Martinsson’s song cycle matches the intense yearning of the poetry with a lush orchestral palette and rich, late-Romantic harmony. Very often, Martinsson responds to specific poetic images with graphic musical ones, but far from being a set of ephemeral moments, the work overall is unified by thematic ideas that recur from song to song. The ‘Nearness of the Beloved’ in Goethe’s poem (whose first line provides the cycle’s title) is metaphorical; physically separated as in Die Liebende schreibt, the poet nevertheless sees and hears the beloved in the sounds and sights of nature, to which Martinsson gives evocative form: the sea is restless, the moon glints on a stream, night is deep and dark. Solo violin and cello appear as the sun sinks and stars begin to shine, and the singer’s emotive ‘if only you were here!’ unleashes a powerful and passionate peroration from the orchestra. Rilke’s Liebes-Lied (Love Song) begins with a surging introduction, which recalls Richard Strauss or early Alban Berg, that thins out as the text takes us into the darkness, ‘a strange, quiet place’. As part of the metaphor of music that threads through the poem, this place doesn’t vibrate ‘when your depths resonate’, to which Martinsson adds some appropriately glinting orchestral colour. Developing the metaphor, the poet likens the pair of lovers to strings on a violin, to which instrument Martinsson gives a limpid solo. As the poet asks ‘what player

has us in his hand?’, the music swells in a celebration of its own beauty. In sharp contrast, Rilke’s Blaue Hortensie (Blue Hydrangea) is seemingly ‘dried up, colourless and rough’, and Martinsson responds with music that is barely music – spoken words, deep, inchoate orchestral rumbles – that only gradually assembles itself to illustrate the image of tear-stained reflections. Just as the poet dismisses the withered plant, he sees blue beginning to return, and Martinsson announces this with a portentous gesture that blooms in an ecstatic vocal line. The lovers in Goethe’s Der Liebende schreibt are apart, their yearning imaged in striving music.
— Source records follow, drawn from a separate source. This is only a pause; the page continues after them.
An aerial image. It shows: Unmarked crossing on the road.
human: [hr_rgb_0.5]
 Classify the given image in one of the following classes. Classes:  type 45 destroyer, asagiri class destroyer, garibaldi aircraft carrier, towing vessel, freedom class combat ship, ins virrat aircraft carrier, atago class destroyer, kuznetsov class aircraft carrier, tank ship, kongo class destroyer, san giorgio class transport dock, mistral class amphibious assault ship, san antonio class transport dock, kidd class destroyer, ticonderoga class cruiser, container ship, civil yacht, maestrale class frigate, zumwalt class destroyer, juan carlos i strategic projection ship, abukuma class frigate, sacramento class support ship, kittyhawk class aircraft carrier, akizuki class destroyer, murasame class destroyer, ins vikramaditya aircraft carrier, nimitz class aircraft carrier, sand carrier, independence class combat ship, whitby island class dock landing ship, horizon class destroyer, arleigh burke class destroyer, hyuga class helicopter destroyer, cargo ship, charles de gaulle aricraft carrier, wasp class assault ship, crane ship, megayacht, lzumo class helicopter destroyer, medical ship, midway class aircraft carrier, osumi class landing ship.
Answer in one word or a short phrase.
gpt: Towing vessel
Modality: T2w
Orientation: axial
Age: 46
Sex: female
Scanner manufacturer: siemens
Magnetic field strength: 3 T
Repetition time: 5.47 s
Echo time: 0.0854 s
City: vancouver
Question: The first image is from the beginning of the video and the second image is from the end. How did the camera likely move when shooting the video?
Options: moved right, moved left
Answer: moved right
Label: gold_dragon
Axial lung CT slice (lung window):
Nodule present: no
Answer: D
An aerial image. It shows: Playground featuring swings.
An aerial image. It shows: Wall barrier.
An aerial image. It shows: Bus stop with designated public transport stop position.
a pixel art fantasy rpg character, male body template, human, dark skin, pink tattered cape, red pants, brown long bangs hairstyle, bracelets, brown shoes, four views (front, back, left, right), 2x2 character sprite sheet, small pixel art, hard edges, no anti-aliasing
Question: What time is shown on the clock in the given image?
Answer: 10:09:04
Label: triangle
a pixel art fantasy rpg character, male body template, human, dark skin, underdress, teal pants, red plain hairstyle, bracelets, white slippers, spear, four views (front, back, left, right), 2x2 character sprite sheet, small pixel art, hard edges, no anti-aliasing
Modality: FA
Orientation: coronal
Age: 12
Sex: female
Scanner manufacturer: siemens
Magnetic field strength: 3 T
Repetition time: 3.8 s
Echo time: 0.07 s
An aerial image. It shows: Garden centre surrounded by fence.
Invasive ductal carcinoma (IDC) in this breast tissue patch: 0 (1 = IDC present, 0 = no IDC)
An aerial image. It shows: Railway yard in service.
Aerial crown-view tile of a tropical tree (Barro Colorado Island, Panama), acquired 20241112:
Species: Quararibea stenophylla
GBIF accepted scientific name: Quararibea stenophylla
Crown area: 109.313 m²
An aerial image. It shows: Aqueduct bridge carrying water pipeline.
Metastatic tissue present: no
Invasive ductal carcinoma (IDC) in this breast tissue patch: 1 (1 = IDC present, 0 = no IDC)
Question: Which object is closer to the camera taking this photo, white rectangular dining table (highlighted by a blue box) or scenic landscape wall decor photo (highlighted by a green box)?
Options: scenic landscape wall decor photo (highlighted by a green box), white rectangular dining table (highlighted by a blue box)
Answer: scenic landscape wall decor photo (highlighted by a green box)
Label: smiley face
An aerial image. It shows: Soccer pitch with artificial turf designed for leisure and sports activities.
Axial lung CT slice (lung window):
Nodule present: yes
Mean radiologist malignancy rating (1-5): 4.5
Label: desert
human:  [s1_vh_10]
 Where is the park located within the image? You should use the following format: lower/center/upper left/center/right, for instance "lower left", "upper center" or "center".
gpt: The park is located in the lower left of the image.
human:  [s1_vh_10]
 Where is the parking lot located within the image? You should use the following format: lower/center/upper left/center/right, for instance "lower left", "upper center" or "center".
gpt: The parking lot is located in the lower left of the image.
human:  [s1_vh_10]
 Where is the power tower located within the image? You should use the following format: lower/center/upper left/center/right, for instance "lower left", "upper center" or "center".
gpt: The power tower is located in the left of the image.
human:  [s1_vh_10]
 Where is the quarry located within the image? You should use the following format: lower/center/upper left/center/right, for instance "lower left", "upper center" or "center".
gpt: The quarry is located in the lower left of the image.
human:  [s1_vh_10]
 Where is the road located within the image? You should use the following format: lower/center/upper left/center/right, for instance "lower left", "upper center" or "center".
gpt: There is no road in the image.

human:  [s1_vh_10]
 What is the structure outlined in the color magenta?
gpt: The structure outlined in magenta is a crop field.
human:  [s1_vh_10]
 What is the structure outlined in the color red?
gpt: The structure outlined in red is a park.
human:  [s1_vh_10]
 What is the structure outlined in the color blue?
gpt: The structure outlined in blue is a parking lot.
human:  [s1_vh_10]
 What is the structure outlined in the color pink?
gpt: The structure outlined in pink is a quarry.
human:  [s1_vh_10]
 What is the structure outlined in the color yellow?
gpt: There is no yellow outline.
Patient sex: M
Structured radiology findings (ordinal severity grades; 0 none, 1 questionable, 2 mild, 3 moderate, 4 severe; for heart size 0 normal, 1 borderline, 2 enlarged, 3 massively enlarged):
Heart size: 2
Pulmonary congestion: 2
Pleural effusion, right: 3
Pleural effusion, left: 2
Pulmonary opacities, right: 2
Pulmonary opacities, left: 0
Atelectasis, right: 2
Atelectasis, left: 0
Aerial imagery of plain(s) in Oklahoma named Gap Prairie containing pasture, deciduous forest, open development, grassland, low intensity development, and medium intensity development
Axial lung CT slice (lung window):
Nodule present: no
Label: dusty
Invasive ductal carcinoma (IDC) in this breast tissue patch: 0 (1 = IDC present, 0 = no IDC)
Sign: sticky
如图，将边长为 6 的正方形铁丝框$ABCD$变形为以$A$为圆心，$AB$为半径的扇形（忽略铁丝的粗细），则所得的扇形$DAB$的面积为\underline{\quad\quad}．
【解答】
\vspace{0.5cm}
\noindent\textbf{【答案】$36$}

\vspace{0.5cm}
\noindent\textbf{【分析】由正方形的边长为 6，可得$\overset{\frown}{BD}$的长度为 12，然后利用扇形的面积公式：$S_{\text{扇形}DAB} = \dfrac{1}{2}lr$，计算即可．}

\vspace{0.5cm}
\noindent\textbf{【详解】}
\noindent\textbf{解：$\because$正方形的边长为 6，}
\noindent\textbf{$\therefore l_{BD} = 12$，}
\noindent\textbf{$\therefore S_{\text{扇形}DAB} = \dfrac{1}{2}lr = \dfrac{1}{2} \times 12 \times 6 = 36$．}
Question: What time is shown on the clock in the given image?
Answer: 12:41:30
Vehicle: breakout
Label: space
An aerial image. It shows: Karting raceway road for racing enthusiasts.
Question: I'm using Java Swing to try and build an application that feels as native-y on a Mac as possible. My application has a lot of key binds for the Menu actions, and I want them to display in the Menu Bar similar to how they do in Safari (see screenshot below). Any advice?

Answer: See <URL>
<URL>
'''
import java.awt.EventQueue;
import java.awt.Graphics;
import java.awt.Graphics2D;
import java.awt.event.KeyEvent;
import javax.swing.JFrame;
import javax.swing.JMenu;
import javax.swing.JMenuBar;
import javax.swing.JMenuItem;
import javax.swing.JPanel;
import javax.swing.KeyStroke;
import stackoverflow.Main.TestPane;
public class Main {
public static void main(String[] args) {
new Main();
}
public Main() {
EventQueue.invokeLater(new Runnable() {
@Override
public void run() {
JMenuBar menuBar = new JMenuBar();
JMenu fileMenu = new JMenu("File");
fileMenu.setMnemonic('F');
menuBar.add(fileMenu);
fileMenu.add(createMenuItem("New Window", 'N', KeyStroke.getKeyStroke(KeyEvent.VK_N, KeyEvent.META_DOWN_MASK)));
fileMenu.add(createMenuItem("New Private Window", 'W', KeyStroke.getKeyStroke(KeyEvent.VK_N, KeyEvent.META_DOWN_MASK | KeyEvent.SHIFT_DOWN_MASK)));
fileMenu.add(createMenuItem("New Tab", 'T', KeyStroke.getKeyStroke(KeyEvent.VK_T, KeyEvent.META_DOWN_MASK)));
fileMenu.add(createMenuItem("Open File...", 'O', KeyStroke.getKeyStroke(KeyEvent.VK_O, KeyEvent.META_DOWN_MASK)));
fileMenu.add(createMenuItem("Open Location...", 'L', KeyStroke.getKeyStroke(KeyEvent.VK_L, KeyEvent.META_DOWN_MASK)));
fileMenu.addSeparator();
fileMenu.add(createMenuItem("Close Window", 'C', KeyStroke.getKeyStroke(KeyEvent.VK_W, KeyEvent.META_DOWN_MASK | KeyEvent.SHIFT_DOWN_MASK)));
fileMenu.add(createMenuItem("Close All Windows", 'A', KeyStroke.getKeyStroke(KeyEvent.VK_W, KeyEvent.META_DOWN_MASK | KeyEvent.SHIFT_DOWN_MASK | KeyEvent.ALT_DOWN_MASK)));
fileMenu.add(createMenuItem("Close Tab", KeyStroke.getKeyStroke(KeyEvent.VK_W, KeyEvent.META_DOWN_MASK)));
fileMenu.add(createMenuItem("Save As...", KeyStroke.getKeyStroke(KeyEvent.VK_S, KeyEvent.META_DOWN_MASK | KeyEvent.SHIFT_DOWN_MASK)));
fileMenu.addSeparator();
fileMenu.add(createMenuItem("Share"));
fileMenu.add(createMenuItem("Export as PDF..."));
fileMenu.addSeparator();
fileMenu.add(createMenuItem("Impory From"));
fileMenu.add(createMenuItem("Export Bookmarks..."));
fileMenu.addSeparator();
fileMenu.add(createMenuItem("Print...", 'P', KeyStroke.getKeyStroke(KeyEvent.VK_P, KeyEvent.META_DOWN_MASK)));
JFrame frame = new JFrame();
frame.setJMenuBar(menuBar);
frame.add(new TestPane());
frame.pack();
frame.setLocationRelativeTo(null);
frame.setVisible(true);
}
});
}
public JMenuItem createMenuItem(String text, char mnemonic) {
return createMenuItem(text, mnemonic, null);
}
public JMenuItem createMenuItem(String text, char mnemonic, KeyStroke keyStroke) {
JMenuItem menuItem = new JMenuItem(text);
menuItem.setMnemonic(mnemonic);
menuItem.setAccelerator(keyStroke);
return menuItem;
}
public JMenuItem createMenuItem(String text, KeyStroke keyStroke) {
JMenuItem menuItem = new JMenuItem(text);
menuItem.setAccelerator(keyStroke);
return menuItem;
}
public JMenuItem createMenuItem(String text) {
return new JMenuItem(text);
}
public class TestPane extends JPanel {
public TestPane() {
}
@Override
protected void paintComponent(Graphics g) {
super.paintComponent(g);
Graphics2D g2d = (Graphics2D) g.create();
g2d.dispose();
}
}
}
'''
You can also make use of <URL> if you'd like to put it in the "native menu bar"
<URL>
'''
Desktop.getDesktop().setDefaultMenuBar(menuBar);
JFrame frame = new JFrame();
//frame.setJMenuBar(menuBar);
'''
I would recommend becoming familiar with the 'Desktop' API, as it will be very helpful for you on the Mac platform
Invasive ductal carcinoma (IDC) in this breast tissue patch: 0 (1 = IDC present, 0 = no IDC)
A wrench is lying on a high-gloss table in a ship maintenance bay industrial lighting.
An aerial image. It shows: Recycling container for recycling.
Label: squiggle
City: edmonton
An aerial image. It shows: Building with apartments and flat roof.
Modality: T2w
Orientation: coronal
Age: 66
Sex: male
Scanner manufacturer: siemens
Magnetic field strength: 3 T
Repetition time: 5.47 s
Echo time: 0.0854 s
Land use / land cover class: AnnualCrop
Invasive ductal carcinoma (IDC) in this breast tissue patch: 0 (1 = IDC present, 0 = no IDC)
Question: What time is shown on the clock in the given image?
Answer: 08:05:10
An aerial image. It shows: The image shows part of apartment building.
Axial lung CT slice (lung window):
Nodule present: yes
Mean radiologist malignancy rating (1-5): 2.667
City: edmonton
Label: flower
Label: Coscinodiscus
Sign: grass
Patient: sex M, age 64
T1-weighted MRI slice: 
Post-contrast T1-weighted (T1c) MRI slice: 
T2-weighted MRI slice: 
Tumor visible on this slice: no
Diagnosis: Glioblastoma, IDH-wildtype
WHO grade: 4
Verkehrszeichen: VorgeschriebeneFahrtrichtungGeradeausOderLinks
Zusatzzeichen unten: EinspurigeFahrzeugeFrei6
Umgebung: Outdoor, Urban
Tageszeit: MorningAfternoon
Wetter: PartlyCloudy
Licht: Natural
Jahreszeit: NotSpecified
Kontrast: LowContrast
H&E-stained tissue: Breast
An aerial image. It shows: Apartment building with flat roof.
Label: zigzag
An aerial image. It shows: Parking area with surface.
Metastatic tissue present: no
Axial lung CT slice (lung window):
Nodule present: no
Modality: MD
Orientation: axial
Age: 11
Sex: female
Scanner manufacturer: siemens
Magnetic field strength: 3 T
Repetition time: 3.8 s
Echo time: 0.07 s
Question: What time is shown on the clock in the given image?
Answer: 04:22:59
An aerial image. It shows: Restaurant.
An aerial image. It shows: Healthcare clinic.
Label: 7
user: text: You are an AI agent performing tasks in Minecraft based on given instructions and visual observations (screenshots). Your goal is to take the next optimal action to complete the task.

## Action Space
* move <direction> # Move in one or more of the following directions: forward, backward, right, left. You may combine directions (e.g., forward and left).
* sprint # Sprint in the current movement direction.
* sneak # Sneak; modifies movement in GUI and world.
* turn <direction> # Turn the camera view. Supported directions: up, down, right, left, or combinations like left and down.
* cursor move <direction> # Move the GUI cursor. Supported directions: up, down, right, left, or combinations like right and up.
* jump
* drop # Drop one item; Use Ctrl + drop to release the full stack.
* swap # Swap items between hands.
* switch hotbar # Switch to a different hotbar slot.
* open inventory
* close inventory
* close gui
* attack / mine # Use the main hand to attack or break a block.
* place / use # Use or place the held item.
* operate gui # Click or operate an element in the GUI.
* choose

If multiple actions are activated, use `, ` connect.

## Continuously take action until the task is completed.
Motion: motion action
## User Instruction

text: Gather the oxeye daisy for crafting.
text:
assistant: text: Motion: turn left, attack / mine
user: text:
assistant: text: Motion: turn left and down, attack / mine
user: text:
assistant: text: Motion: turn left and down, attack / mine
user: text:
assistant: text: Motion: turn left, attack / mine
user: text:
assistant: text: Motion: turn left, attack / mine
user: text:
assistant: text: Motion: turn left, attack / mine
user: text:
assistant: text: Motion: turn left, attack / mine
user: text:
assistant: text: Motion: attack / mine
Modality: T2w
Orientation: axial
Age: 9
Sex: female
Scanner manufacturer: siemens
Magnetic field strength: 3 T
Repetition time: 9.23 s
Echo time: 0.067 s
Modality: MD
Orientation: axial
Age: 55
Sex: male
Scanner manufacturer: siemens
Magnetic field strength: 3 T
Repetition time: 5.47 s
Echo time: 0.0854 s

Passion dissolves in tears, with slower, sadder music that issues in a yearning violin solo before the last tercet of the poem, whose final line calls forth a cataclysmic gesture from the orchestra. Eichendorff’s Mondnacht (Moonlit Night) provides some emotional respite. Martinsson reflects its imagery of a still, shimmering landscape with a twinkling texture of winds and percussion. As the earth dreams, the orchestra plays an interlude on material heard in the previous song. A solo cello embodies the wind through a field of grain, and the vocal part becomes more unearthly, and perhaps Schoenbergian, in describing the faint rustling of the forest. The sense of time suspended lasts until the outpouring of joy as the soul wings its way home. © Gordon Kerry 2017 This is the MSO’s first performance of Ich denke Dein…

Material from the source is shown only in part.